One of the biggest challenges for data science and machine learning projects is getting solutions into production. Even when data scientists and analysts provide a demonstrably valuable solution to a business problem, the challenges associated with integrating that solution with existing operational systems, applications, and dashboards either takes too long, or is fraught with infrastructure and plumbing quality issues. This, unfortunately, can derail even the best of initiatives.
Oracle Machine Learning approaches this need for faster and easier solution deployment in several ways. First, as a result of using in-database machine learning models, SQL users can immediately use models for scoring through SQL queries. This means that any application or dashboard that can work with SQL can immediately score data, either in batch or interactively on individual rows, With the introduction of Oracle REST Data Services, those same models can be used via REST invocations.

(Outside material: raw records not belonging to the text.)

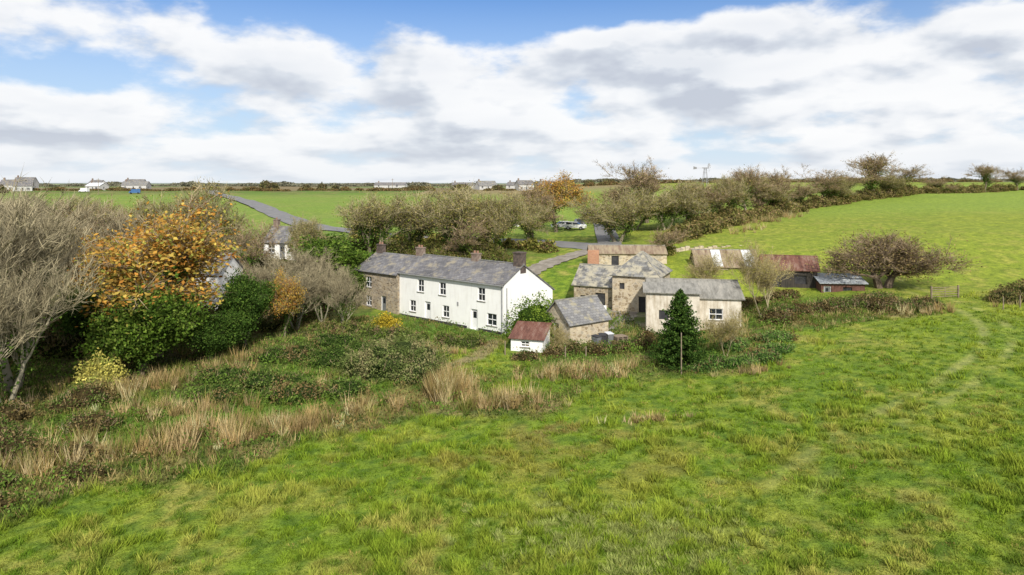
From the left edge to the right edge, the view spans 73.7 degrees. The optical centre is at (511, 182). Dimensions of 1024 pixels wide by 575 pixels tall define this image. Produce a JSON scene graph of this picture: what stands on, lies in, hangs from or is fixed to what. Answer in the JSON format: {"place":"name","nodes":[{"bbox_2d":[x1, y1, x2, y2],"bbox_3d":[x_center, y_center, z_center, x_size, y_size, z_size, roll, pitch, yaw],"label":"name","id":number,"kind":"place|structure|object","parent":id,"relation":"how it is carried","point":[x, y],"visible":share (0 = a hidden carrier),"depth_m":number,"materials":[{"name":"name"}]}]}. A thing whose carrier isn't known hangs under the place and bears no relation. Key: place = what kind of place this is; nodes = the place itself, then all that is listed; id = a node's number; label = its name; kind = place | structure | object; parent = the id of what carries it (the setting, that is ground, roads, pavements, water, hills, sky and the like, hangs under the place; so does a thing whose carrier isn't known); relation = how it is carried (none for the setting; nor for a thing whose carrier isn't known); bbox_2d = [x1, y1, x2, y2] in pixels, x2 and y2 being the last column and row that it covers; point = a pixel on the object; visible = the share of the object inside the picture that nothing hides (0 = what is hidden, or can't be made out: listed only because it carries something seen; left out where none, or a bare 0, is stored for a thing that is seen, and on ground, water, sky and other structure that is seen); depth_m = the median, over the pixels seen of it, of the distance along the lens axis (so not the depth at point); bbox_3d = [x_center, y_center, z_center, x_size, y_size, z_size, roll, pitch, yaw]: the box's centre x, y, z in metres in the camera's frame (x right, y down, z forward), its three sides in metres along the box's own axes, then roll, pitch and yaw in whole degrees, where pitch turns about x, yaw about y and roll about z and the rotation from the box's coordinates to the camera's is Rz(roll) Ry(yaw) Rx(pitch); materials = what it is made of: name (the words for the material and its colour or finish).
{"place":"outdoors","nodes":[
{"label":"outdoors","id":0,"kind":"place"},
{"bbox_2d":[209,190,597,248],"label":"country road","id":1,"kind":"structure","parent":0,"point":[274,212],"depth_m":167.35,"materials":[{"name":"grey asphalt"}]},
{"bbox_2d":[0,181,1023,574],"bbox_3d":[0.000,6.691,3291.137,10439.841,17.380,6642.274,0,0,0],"label":"ground","id":2,"kind":"structure","parent":0,"point":[988,227],"depth_m":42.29,"materials":[{"name":"green plant"}]},
{"bbox_2d":[0,177,91,300],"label":"bare ash tree","id":3,"kind":"object","parent":2,"relation":"on","point":[72,272],"visible":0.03,"depth_m":56.76,"materials":[{"name":"brown plant"}]},
{"bbox_2d":[0,188,94,232],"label":"bare ash tree","id":4,"kind":"object","parent":2,"relation":"on","point":[70,200],"visible":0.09,"depth_m":80.64,"materials":[{"name":"brown plant"}]},
{"bbox_2d":[0,169,107,394],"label":"bare ash tree","id":5,"kind":"object","parent":2,"relation":"on","point":[14,236],"visible":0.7,"depth_m":48.52,"materials":[{"name":"grey plant"}]},
{"bbox_2d":[0,254,107,404],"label":"bare ash tree","id":6,"kind":"object","parent":2,"relation":"on","point":[10,318],"visible":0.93,"depth_m":44.37,"materials":[{"name":"grey plant"}]},
{"bbox_2d":[0,192,116,273],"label":"bare ash tree","id":7,"kind":"object","parent":2,"relation":"on","point":[42,209],"visible":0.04,"depth_m":68.58,"materials":[{"name":"brown plant"}]},
{"bbox_2d":[0,380,133,511],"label":"bramble thicket","id":8,"kind":"object","parent":2,"relation":"on","point":[12,438],"visible":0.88,"depth_m":40.38,"materials":[{"name":"green plant"}]},
{"bbox_2d":[29,193,127,232],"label":"bare hedgerow tree","id":9,"kind":"object","parent":2,"relation":"on","point":[84,216],"visible":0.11,"depth_m":92.43,"materials":[{"name":"brown plant"}]},
{"bbox_2d":[52,194,119,228],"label":"hedgerow willow","id":10,"kind":"object","parent":2,"relation":"on","point":[80,199],"visible":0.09,"depth_m":110.24,"materials":[{"name":"brown plant"}]},
{"bbox_2d":[50,282,129,351],"bbox_3d":[-35.345,12.168,60.269,9.131,7.822,8.970,0,0,39],"label":"holly tree","id":11,"kind":"object","parent":2,"relation":"on","point":[71,323],"visible":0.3,"depth_m":58.05,"materials":[{"name":"green plant"}]},
{"bbox_2d":[43,192,147,292],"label":"bare ash tree","id":12,"kind":"object","parent":2,"relation":"on","point":[120,226],"visible":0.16,"depth_m":70.28,"materials":[{"name":"brown plant"}]},
{"bbox_2d":[71,347,130,387],"bbox_3d":[-30.227,13.874,50.138,4.017,3.489,3.232,0,0,0],"label":"yellow shrub","id":13,"kind":"object","parent":2,"relation":"on","point":[100,366],"visible":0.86,"depth_m":49.82,"materials":[{"name":"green plant"}]},
{"bbox_2d":[59,207,154,282],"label":"bare hedgerow tree","id":14,"kind":"object","parent":2,"relation":"on","point":[94,225],"visible":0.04,"depth_m":81.25,"materials":[{"name":"brown plant"}]},
{"bbox_2d":[57,210,176,295],"bbox_3d":[-38.111,9.419,65.436,12.824,14.532,8.646,0,0,-11],"label":"autumn sycamore","id":15,"kind":"object","parent":2,"relation":"on","point":[88,250],"visible":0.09,"depth_m":64.45,"materials":[{"name":"orange plant"}]},
{"bbox_2d":[121,179,150,188],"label":"bungalow","id":16,"kind":"object","parent":2,"relation":"on","point":[136,184],"visible":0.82,"depth_m":407.18,"materials":[{"name":"white paint"}]},
{"bbox_2d":[59,279,217,377],"bbox_3d":[-28.840,11.692,53.950,8.676,9.446,10.093,0,0,17],"label":"ivy clad tree","id":17,"kind":"object","parent":2,"relation":"on","point":[145,338],"visible":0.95,"depth_m":52.02,"materials":[{"name":"green plant"}]},
{"bbox_2d":[73,183,255,358],"bbox_3d":[-29.329,8.379,58.664,14.822,16.910,21.984,0,0,-32],"label":"autumn sycamore","id":18,"kind":"object","parent":2,"relation":"on","point":[174,255],"visible":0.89,"depth_m":56.64,"materials":[{"name":"orange plant"}]},
{"bbox_2d":[113,192,236,236],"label":"hedgerow willow","id":19,"kind":"object","parent":2,"relation":"on","point":[179,204],"visible":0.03,"depth_m":96.52,"materials":[{"name":"brown plant"}]},
{"bbox_2d":[105,176,251,251],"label":"hedgerow willow","id":20,"kind":"object","parent":2,"relation":"on","point":[151,208],"visible":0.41,"depth_m":86.71,"materials":[{"name":"brown plant"}]},
{"bbox_2d":[5,250,355,362],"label":"woodland undergrowth","id":21,"kind":"object","parent":2,"relation":"on","point":[54,341],"visible":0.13,"depth_m":60.15,"materials":[{"name":"green plant"}]},
{"bbox_2d":[176,308,250,360],"bbox_3d":[-25.705,13.205,57.987,5.812,5.287,6.338,0,0,43],"label":"holly tree","id":22,"kind":"object","parent":2,"relation":"on","point":[222,332],"visible":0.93,"depth_m":57.41,"materials":[{"name":"green plant"}]},
{"bbox_2d":[193,253,243,309],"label":"white cottage","id":23,"kind":"structure","parent":2,"relation":"on","point":[232,262],"depth_m":76.58,"materials":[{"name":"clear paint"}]},
{"bbox_2d":[206,208,282,271],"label":"bare hedgerow tree","id":24,"kind":"object","parent":2,"relation":"on","point":[255,253],"visible":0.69,"depth_m":85.97,"materials":[{"name":"brown plant"}]},
{"bbox_2d":[210,265,279,345],"bbox_3d":[-24.322,11.914,62.596,6.154,8.904,6.711,0,0,-18],"label":"holly tree","id":25,"kind":"object","parent":2,"relation":"on","point":[249,299],"visible":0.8,"depth_m":61.10,"materials":[{"name":"green plant"}]},
{"bbox_2d":[216,254,308,312],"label":"bare ash tree","id":26,"kind":"object","parent":2,"relation":"on","point":[263,275],"visible":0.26,"depth_m":71.57,"materials":[{"name":"brown plant"}]},
{"bbox_2d":[262,217,299,258],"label":"woodland cottage","id":27,"kind":"structure","parent":2,"relation":"on","point":[283,230],"depth_m":99.92,"materials":[{"name":"white paint"}]},
{"bbox_2d":[267,265,309,336],"bbox_3d":[-22.293,11.790,65.664,5.420,8.303,4.608,0,0,38],"label":"autumn sycamore","id":28,"kind":"object","parent":2,"relation":"on","point":[289,296],"visible":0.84,"depth_m":64.77,"materials":[{"name":"orange plant"}]},
{"bbox_2d":[183,329,398,406],"bbox_3d":[-17.298,14.289,54.745,15.364,2.216,18.659,0,0,0],"label":"bramble patch","id":29,"kind":"object","parent":2,"relation":"on","point":[266,381],"visible":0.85,"depth_m":50.08,"materials":[{"name":"green plant"}]},
{"bbox_2d":[250,242,337,301],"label":"bare ash tree","id":30,"kind":"object","parent":2,"relation":"on","point":[300,261],"visible":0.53,"depth_m":77.46,"materials":[{"name":"brown plant"}]},
{"bbox_2d":[269,265,333,330],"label":"bare ash tree","id":31,"kind":"object","parent":2,"relation":"on","point":[306,284],"visible":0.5,"depth_m":69.66,"materials":[{"name":"brown plant"}]},
{"bbox_2d":[279,214,329,259],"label":"hedgerow willow","id":32,"kind":"object","parent":2,"relation":"on","point":[305,228],"visible":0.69,"depth_m":91.28,"materials":[{"name":"green plant"}]},
{"bbox_2d":[297,258,350,322],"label":"bare ash tree","id":33,"kind":"object","parent":2,"relation":"on","point":[324,275],"visible":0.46,"depth_m":71.82,"materials":[{"name":"brown plant"}]},
{"bbox_2d":[0,175,659,192],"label":"distant tree clump","id":34,"kind":"object","parent":2,"relation":"on","point":[266,184],"visible":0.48,"depth_m":398.63,"materials":[{"name":"green plant"}]},
{"bbox_2d":[288,232,372,282],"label":"evergreen tree","id":35,"kind":"object","parent":2,"relation":"on","point":[345,254],"visible":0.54,"depth_m":82.52,"materials":[{"name":"green plant"}]},
{"bbox_2d":[321,264,371,322],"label":"bare ash tree","id":36,"kind":"object","parent":2,"relation":"on","point":[342,292],"visible":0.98,"depth_m":68.65,"materials":[{"name":"brown plant"}]},
{"bbox_2d":[324,257,371,301],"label":"evergreen tree","id":37,"kind":"object","parent":2,"relation":"on","point":[361,278],"visible":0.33,"depth_m":80.39,"materials":[{"name":"green plant"}]},
{"bbox_2d":[332,188,436,255],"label":"hedgerow willow","id":38,"kind":"object","parent":2,"relation":"on","point":[366,219],"visible":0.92,"depth_m":98.94,"materials":[{"name":"green plant"}]},
{"bbox_2d":[371,310,404,329],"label":"yellow shrub","id":39,"kind":"object","parent":2,"relation":"on","point":[385,321],"visible":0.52,"depth_m":67.89,"materials":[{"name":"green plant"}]},
{"bbox_2d":[374,181,407,187],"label":"bungalow","id":40,"kind":"object","parent":2,"relation":"on","point":[378,184],"visible":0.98,"depth_m":519.84,"materials":[{"name":"white paint"}]},
{"bbox_2d":[332,330,452,386],"bbox_3d":[-9.013,13.579,53.355,10.210,4.179,7.409,0,0,0],"label":"bramble mound","id":41,"kind":"object","parent":2,"relation":"on","point":[388,360],"visible":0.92,"depth_m":52.07,"materials":[{"name":"green plant"}]},
{"bbox_2d":[308,318,486,348],"bbox_3d":[-11.812,14.226,65.429,19.742,2.376,5.596,0,0,21],"label":"garden hedge","id":42,"kind":"object","parent":2,"relation":"on","point":[471,340],"visible":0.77,"depth_m":63.70,"materials":[{"name":"green plant"}]},
{"bbox_2d":[388,202,437,249],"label":"hedgerow willow","id":43,"kind":"object","parent":2,"relation":"on","point":[409,237],"visible":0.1,"depth_m":107.19,"materials":[{"name":"green plant"}]},
{"bbox_2d":[346,236,512,273],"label":"back undergrowth","id":44,"kind":"object","parent":2,"relation":"on","point":[489,251],"visible":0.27,"depth_m":97.95,"materials":[{"name":"green plant"}]},
{"bbox_2d":[382,180,502,242],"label":"hedgerow willow","id":45,"kind":"object","parent":2,"relation":"on","point":[457,207],"visible":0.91,"depth_m":98.46,"materials":[{"name":"green plant"}]},
{"bbox_2d":[350,227,558,252],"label":"lane hedge","id":46,"kind":"object","parent":2,"relation":"on","point":[547,246],"visible":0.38,"depth_m":108.53,"materials":[{"name":"green plant"}]},
{"bbox_2d":[355,242,554,334],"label":"white farmhouse","id":47,"kind":"object","parent":2,"relation":"on","point":[475,291],"visible":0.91,"depth_m":72.50,"materials":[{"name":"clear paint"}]},
{"bbox_2d":[443,215,495,255],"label":"bare hedgerow tree","id":48,"kind":"object","parent":2,"relation":"on","point":[467,240],"visible":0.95,"depth_m":96.01,"materials":[{"name":"brown plant"}]},
{"bbox_2d":[0,287,939,526],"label":"rough undergrowth","id":49,"kind":"object","parent":2,"relation":"on","point":[380,401],"visible":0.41,"depth_m":49.02,"materials":[{"name":"green plant"}]},
{"bbox_2d":[468,186,542,245],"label":"hedgerow willow","id":50,"kind":"object","parent":2,"relation":"on","point":[504,221],"visible":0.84,"depth_m":100.63,"materials":[{"name":"green plant"}]},
{"bbox_2d":[8,178,1002,190],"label":"distant hedgerow","id":51,"kind":"object","parent":2,"relation":"on","point":[423,188],"visible":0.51,"depth_m":390.76,"materials":[{"name":"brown plant"}]},
{"bbox_2d":[0,210,1021,480],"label":"pale dead grass","id":52,"kind":"structure","parent":2,"relation":"on","point":[438,384],"depth_m":44.88,"materials":[{"name":"beige plant"}]},
{"bbox_2d":[502,191,554,240],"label":"hedgerow willow","id":53,"kind":"object","parent":2,"relation":"on","point":[542,213],"visible":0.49,"depth_m":110.70,"materials":[{"name":"green plant"}]},
{"bbox_2d":[501,290,557,340],"bbox_3d":[2.748,13.059,65.339,7.683,5.613,4.693,0,0,0],"label":"laurel bush","id":54,"kind":"object","parent":2,"relation":"on","point":[533,312],"visible":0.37,"depth_m":64.63,"materials":[{"name":"green plant"}]},
{"bbox_2d":[508,321,551,352],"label":"rusty roof shed","id":55,"kind":"structure","parent":2,"relation":"on","point":[531,335],"depth_m":60.64,"materials":[{"name":"white paint"}]},
{"bbox_2d":[39,177,1021,186],"bbox_3d":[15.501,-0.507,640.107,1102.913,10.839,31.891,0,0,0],"label":"distant field hedge","id":56,"kind":"object","parent":2,"relation":"on","point":[189,184],"visible":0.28,"depth_m":634.08,"materials":[{"name":"green plant"}]},
{"bbox_2d":[498,182,568,240],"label":"bare hedgerow tree","id":57,"kind":"object","parent":2,"relation":"on","point":[537,195],"visible":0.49,"depth_m":116.36,"materials":[{"name":"brown plant"}]},
{"bbox_2d":[545,322,570,346],"bbox_3d":[4.205,13.648,59.649,2.568,3.038,2.173,0,0,45],"label":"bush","id":58,"kind":"object","parent":2,"relation":"on","point":[558,336],"visible":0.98,"depth_m":59.58,"materials":[{"name":"beige plant"}]},
{"bbox_2d":[524,170,598,231],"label":"autumn sycamore","id":59,"kind":"object","parent":2,"relation":"on","point":[562,187],"visible":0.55,"depth_m":132.89,"materials":[{"name":"orange plant"}]},
{"bbox_2d":[546,295,611,343],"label":"stone outhouse","id":60,"kind":"structure","parent":2,"relation":"on","point":[584,318],"depth_m":63.83,"materials":[{"name":"grey stone"}]},
{"bbox_2d":[509,326,662,361],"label":"garden shrubs","id":61,"kind":"object","parent":2,"relation":"on","point":[647,335],"visible":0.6,"depth_m":59.18,"materials":[{"name":"green plant"}]},
{"bbox_2d":[588,212,621,244],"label":"lane","id":62,"kind":"structure","parent":2,"relation":"on","point":[600,236],"depth_m":120.19,"materials":[{"name":"grey asphalt"}]},
{"bbox_2d":[593,186,640,208],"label":"bare hedgerow tree","id":63,"kind":"object","parent":2,"relation":"on","point":[613,192],"visible":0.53,"depth_m":138.63,"materials":[{"name":"brown plant"}]},
{"bbox_2d":[571,251,672,311],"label":"stone barn","id":64,"kind":"structure","parent":2,"relation":"on","point":[617,287],"depth_m":77.59,"materials":[{"name":"stone"}]},
{"bbox_2d":[564,184,679,242],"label":"hedgerow willow","id":65,"kind":"object","parent":2,"relation":"on","point":[629,216],"visible":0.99,"depth_m":111.35,"materials":[{"name":"green plant"}]},
{"bbox_2d":[587,244,667,264],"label":"brick ended shed","id":66,"kind":"structure","parent":2,"relation":"on","point":[607,254],"depth_m":93.42,"materials":[{"name":"stone"}]},
{"bbox_2d":[596,155,671,222],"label":"bare hedgerow tree","id":67,"kind":"object","parent":2,"relation":"on","point":[642,177],"visible":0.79,"depth_m":137.87,"materials":[{"name":"brown plant"}]},
{"bbox_2d":[643,226,693,251],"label":"bare hedgerow tree","id":68,"kind":"object","parent":2,"relation":"on","point":[667,241],"visible":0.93,"depth_m":95.59,"materials":[{"name":"brown plant"}]},
{"bbox_2d":[639,186,712,230],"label":"hedgerow willow","id":69,"kind":"object","parent":2,"relation":"on","point":[674,211],"visible":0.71,"depth_m":122.23,"materials":[{"name":"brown plant"}]},
{"bbox_2d":[647,288,713,371],"bbox_3d":[13.382,11.691,54.233,5.394,6.562,5.320,0,0,0],"label":"spruce tree","id":70,"kind":"object","parent":2,"relation":"on","point":[678,322],"visible":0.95,"depth_m":53.69,"materials":[{"name":"green plant"}]},
{"bbox_2d":[655,178,723,221],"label":"hedgerow willow","id":71,"kind":"object","parent":2,"relation":"on","point":[680,189],"visible":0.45,"depth_m":125.48,"materials":[{"name":"brown plant"}]},
{"bbox_2d":[643,277,744,333],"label":"rendered outbuilding","id":72,"kind":"structure","parent":2,"relation":"on","point":[719,298],"depth_m":66.20,"materials":[{"name":"beige paint"}]},
{"bbox_2d":[682,251,728,278],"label":"pale birch tree","id":73,"kind":"object","parent":2,"relation":"on","point":[703,269],"visible":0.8,"depth_m":78.25,"materials":[{"name":"beige plant"}]},
{"bbox_2d":[685,178,744,213],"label":"bare hedgerow tree","id":74,"kind":"object","parent":2,"relation":"on","point":[714,206],"visible":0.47,"depth_m":126.37,"materials":[{"name":"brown plant"}]},
{"bbox_2d":[694,308,746,355],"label":"pale birch tree","id":75,"kind":"object","parent":2,"relation":"on","point":[729,326],"visible":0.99,"depth_m":55.78,"materials":[{"name":"beige plant"}]},
{"bbox_2d":[689,249,757,270],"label":"long barn","id":76,"kind":"structure","parent":2,"relation":"on","point":[712,252],"depth_m":90.98,"materials":[{"name":"stone"}]},
{"bbox_2d":[709,174,752,209],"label":"hedgerow willow","id":77,"kind":"object","parent":2,"relation":"on","point":[735,200],"visible":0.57,"depth_m":129.65,"materials":[{"name":"green plant"}]},
{"bbox_2d":[685,329,800,373],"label":"nettle bank","id":78,"kind":"structure","parent":2,"relation":"on","point":[768,351],"depth_m":55.28,"materials":[{"name":"green plant"}]},
{"bbox_2d":[707,164,780,210],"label":"bare hedgerow tree","id":79,"kind":"object","parent":2,"relation":"on","point":[751,178],"visible":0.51,"depth_m":135.93,"materials":[{"name":"brown plant"}]},
{"bbox_2d":[719,233,798,315],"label":"pale birch tree","id":80,"kind":"object","parent":2,"relation":"on","point":[757,271],"visible":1,"depth_m":68.57,"materials":[{"name":"beige plant"}]},
{"bbox_2d":[736,181,789,207],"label":"bare hedgerow tree","id":81,"kind":"object","parent":2,"relation":"on","point":[762,202],"visible":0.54,"depth_m":141.71,"materials":[{"name":"brown plant"}]},
{"bbox_2d":[739,176,798,205],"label":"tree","id":82,"kind":"object","parent":2,"relation":"on","point":[779,194],"visible":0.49,"depth_m":142.03,"materials":[{"name":"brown plant"}]},
{"bbox_2d":[741,288,800,310],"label":"garden boundary hedge","id":83,"kind":"object","parent":2,"relation":"on","point":[749,301],"visible":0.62,"depth_m":76.32,"materials":[{"name":"green plant"}]},
{"bbox_2d":[745,164,801,199],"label":"bare hedgerow tree","id":84,"kind":"object","parent":2,"relation":"on","point":[776,177],"visible":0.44,"depth_m":147.40,"materials":[{"name":"brown plant"}]},
{"bbox_2d":[758,254,820,287],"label":"black timber barn","id":85,"kind":"structure","parent":2,"relation":"on","point":[804,277],"depth_m":81.29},
{"bbox_2d":[786,177,827,201],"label":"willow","id":86,"kind":"object","parent":2,"relation":"on","point":[802,189],"visible":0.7,"depth_m":155.45,"materials":[{"name":"green plant"}]},
{"bbox_2d":[793,163,851,198],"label":"bare hedgerow tree","id":87,"kind":"object","parent":2,"relation":"on","point":[826,183],"visible":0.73,"depth_m":162.55,"materials":[{"name":"brown plant"}]},
{"bbox_2d":[815,177,857,198],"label":"hedgerow willow","id":88,"kind":"object","parent":2,"relation":"on","point":[844,186],"visible":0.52,"depth_m":166.10,"materials":[{"name":"green plant"}]},
{"bbox_2d":[652,181,1023,243],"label":"field hedge","id":89,"kind":"object","parent":2,"relation":"on","point":[708,223],"visible":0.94,"depth_m":142.80,"materials":[{"name":"green plant"}]},
{"bbox_2d":[814,273,867,292],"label":"weathered timber shed","id":90,"kind":"structure","parent":2,"relation":"on","point":[827,283],"depth_m":78.60,"materials":[{"name":"red wood"}]},
{"bbox_2d":[757,290,944,325],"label":"bramble hedge","id":91,"kind":"object","parent":2,"relation":"on","point":[875,301],"visible":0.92,"depth_m":68.60,"materials":[{"name":"green plant"}]},
{"bbox_2d":[842,152,907,192],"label":"bare hedgerow tree","id":92,"kind":"object","parent":2,"relation":"on","point":[869,167],"visible":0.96,"depth_m":180.08,"materials":[{"name":"brown plant"}]},
{"bbox_2d":[854,173,918,191],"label":"hedgerow willow","id":93,"kind":"object","parent":2,"relation":"on","point":[895,183],"visible":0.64,"depth_m":186.37,"materials":[{"name":"brown plant"}]},
{"bbox_2d":[797,227,981,288],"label":"hawthorn tree","id":94,"kind":"object","parent":2,"relation":"on","point":[885,255],"visible":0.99,"depth_m":77.22,"materials":[{"name":"brown plant"}]},
{"bbox_2d":[883,164,938,184],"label":"bare hedgerow tree","id":95,"kind":"object","parent":2,"relation":"on","point":[914,170],"visible":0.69,"depth_m":191.15,"materials":[{"name":"brown plant"}]},
{"bbox_2d":[917,175,959,190],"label":"bare hedgerow tree","id":96,"kind":"object","parent":2,"relation":"on","point":[943,183],"visible":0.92,"depth_m":204.95,"materials":[{"name":"brown plant"}]},
{"bbox_2d":[964,163,1003,189],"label":"bare hedgerow tree","id":97,"kind":"object","parent":2,"relation":"on","point":[986,173],"visible":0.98,"depth_m":220.47,"materials":[{"name":"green plant"}]},
{"bbox_2d":[982,278,1023,303],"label":"clipped field hedge","id":98,"kind":"object","parent":2,"relation":"on","point":[1012,292],"visible":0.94,"depth_m":69.29,"materials":[{"name":"green plant"}]},
{"bbox_2d":[993,167,1023,189],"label":"bare hedgerow tree","id":99,"kind":"object","parent":2,"relation":"on","point":[1016,177],"visible":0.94,"depth_m":230.86,"materials":[{"name":"brown plant"}]},
{"bbox_2d":[0,0,1023,182],"label":"sky","id":100,"kind":"structure","parent":0,"point":[154,91],"materials":[{"name":"white"}]},
{"bbox_2d":[528,249,587,273],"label":"farm track","id":101,"kind":"structure","parent":0,"point":[540,266],"depth_m":97.83,"materials":[{"name":"grey gravel"}]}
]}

Second, as discussed above, embedded execution can enable some aspects of scalability, but equally or even more important is the ability to deploy R and Python user-defined functions in production easily through SQL invocation. If a data scientist produces powerful visualizations or uses algorithms available in open source packages, putting these results into production often involves ad hoc solutions that require spawning separate analytical engines, managing data movement, and addressing backup, recovery, and security issues explicitly. This can greatly increase solution deployment complexity and lead to the delay or failure of a data science / machine learning project. Using OML4R or OML4Py embedded execution allows immediate deployment of user-defined functions where the results can be returned as a database table. Structured data frame results are available directly as a table, while images from R or Python visualization capabilities can also be returned as a table with a BLOB column containing the PNG image(s). In addition, both structured and image data can be returned as XML for use by components that naturally work with XML.
These three key attributes—automated, scalable, and production-ready—enable users to increase their productivity, achieve enterprise goals faster and more easily, and with the time savings, innovate more.